Dan Robinson

PROVO — Days after Mitt Romney attacked secularism in a major speech on his Mormon faith, students at the presidential candidate's alma mater were encouraged to prepare themselves for battle against secularists.

Brigham Young University students must gather the intellectual and moral resources to combat abortion, same-sex marriage and moral relativity, Oxford University philosophy professor Daniel Robinson said Monday before a capacity crowd of more than 200 in the Lee Library Auditorium.

"It's important you recognize the burden you have on you," Robinson said. "You must be informed. Adversaries of everything you stand for are often informed, often passionate."

Not a member of The Church of Jesus Christ of Latter-day Saints, which owns BYU, Robinson has twice taught a semester as a visiting professor at the university, which he called "an estimable institution, for which the nation has every reason to be grateful."

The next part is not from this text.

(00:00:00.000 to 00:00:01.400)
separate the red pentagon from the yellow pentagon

"One need not be defensive about one's faith," Robinson said. "One need not be defensive about what one is trying to bring about in the world. What one is trying to bring about is a world in which children are educated, not raped, in which they go on the Internet to learn things that would be difficult to uncover even in the Library of Congress, not to be exposed to obscenity, pornography, things that corrupt and astound and numb the senses and render the most intimate associations in life merely carnal.

"This is what you're fighting, and you better fight it hard enough and with the intellectual and moral resources required by that fight, so that your children have a world that one doesn't hope to leave early, do you see, because it is so disgusting and depraved and defocused."

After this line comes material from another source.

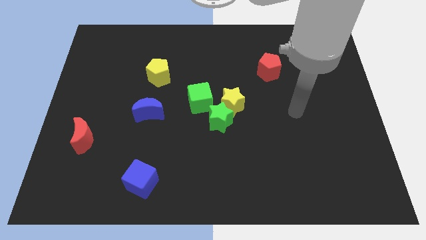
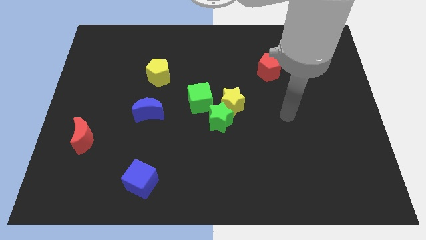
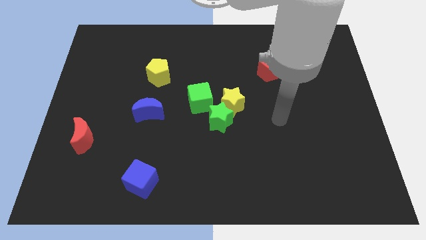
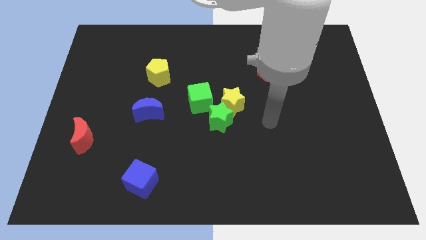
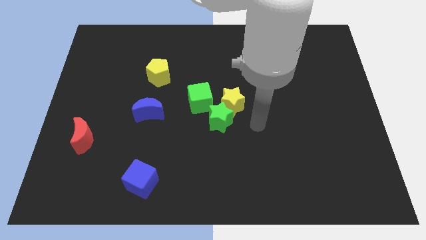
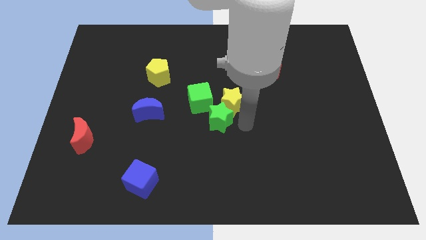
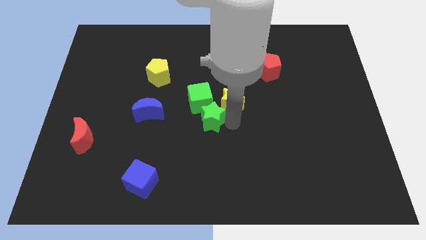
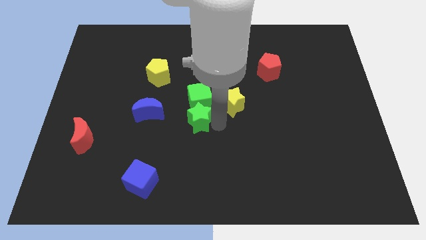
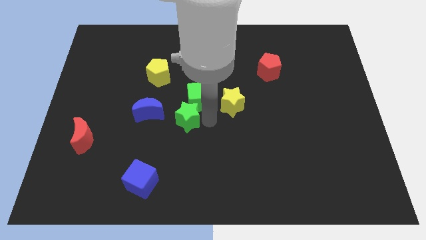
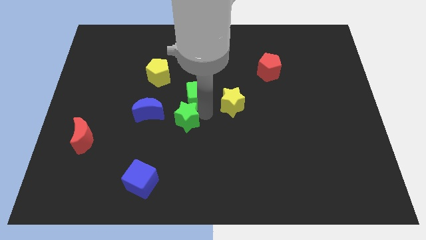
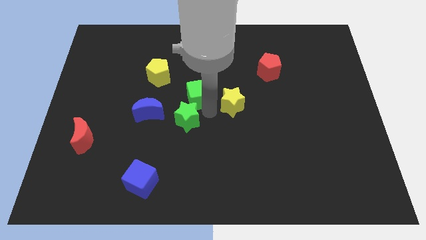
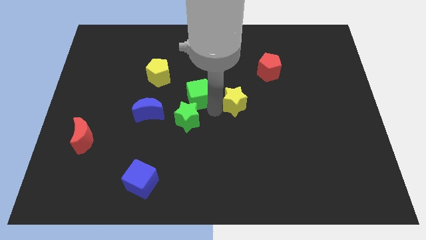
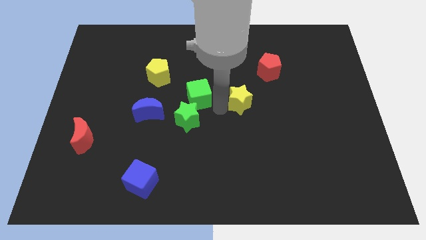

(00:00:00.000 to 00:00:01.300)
separate the yellow star from the green star and green cube

Robinson is among dozens of scholars who signed a 32-page proclamation supporting marriage created by a thinktank called the Witherspoon Institute. Others who have signed "Marriage and the Public Good: Ten Principles" include BYU law professors Richard Wilkins and Lynn Wardle, noted critics of the same-sex marriage movement.

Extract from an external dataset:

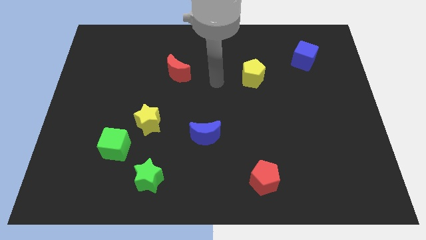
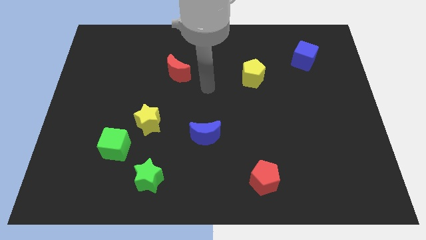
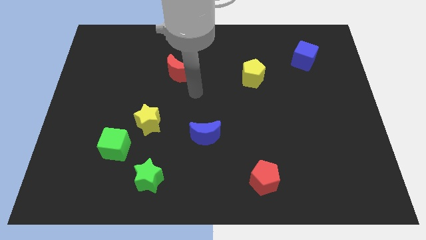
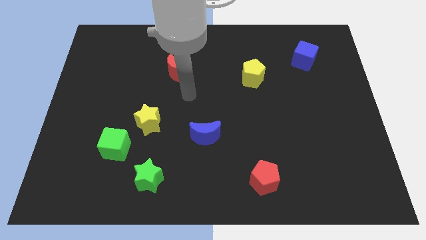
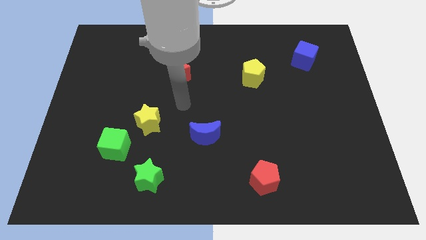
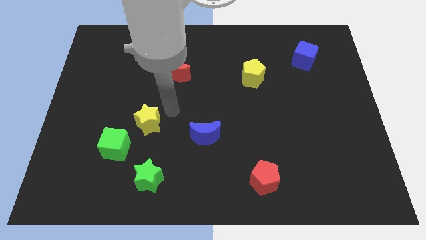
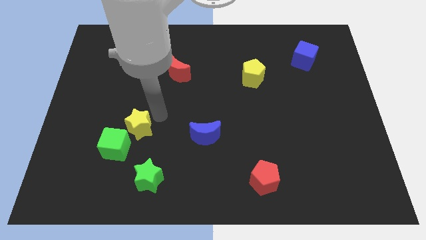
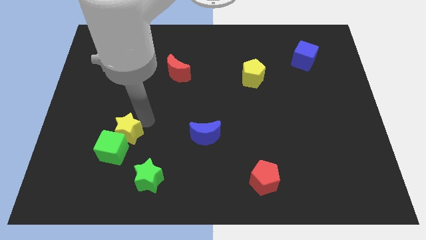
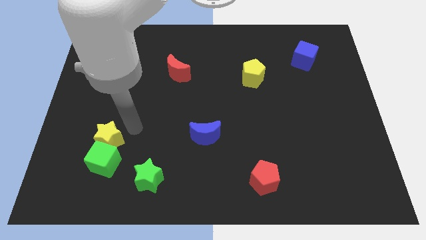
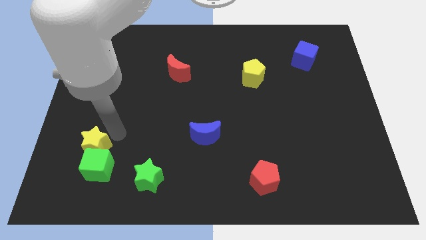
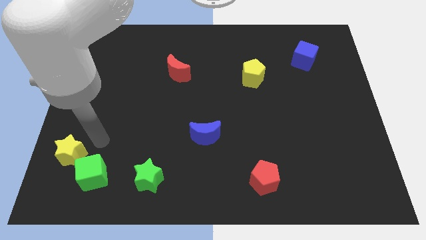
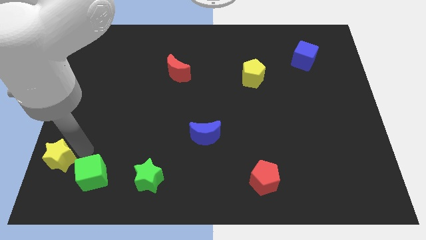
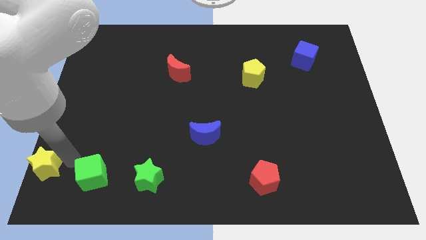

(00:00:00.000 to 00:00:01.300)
separate the green cube from the yellow star

Two other signatories have spoken at BYU. James Q. Wilson, a public policy expert at Pepperdine, delivered the inaugural Marjorie Pay Hinckley Chair of Social Work lecture in February 2005. Wilson described the negative effects of cohabitation and said it deserved more attention than same-sex marriage. Jean Bethke Elshtain, a social and political ethicist at the University of Chicago, first spoke at BYU in 1996 and defended her pro-life stance at a University Forum in October 2006.

Robinson said he is anxious for college students of faith.

"It isn't enough to have the right sentiments," he said. "It isn't even enough to have the right scripture. You have to have the right argument, because you will face those who think nothing of your scripture. You cannot win an argument by waving a book at someone. You understand that. You must prepare yourselves."

Young Christians should be able to explain that religion is not at war with science, he added.

"The Christian religion gave birth to the modern university. It was within the framework of the modern university that the scientific agenda was set and prosecuted. If you take the history of Christianity out of the history of science and out of the history of thought, the only thing you've got left is some manuals on mining."

BYU students should be able, as Romney attempted last week, to show that the idea of a separation between church and state does not banish religion from the public square, he said.

Robinson pointed out that separation doctrine was introduced in a letter penned by Thomas Jefferson, not in the Constitution itself, and that six states had state religions when the Constitution was ratified.

"It was never understood that the separation between church and state was the sort of separation you get in a divorce proceeding," he said. " ... It was the protection of religion, not an immunization against it."

The white-haired septuagenarian looked the part of a Hollywood version of an Oxford don, but he warned students against thinking technology will help them. He prescribed rigorous study and thought.

"You see, there isn't a movie that's going to help you with this," Robinson said. "It will be books, and more books, cherished books, filtered wisdom, sympathetic reading, critical reading, rehearsing, thinking about it again, then thinking about it again and then, thinking about it again, and articulating a position that's tight."

"It won't be easy," he added. "It'll be great, joyous fun, though."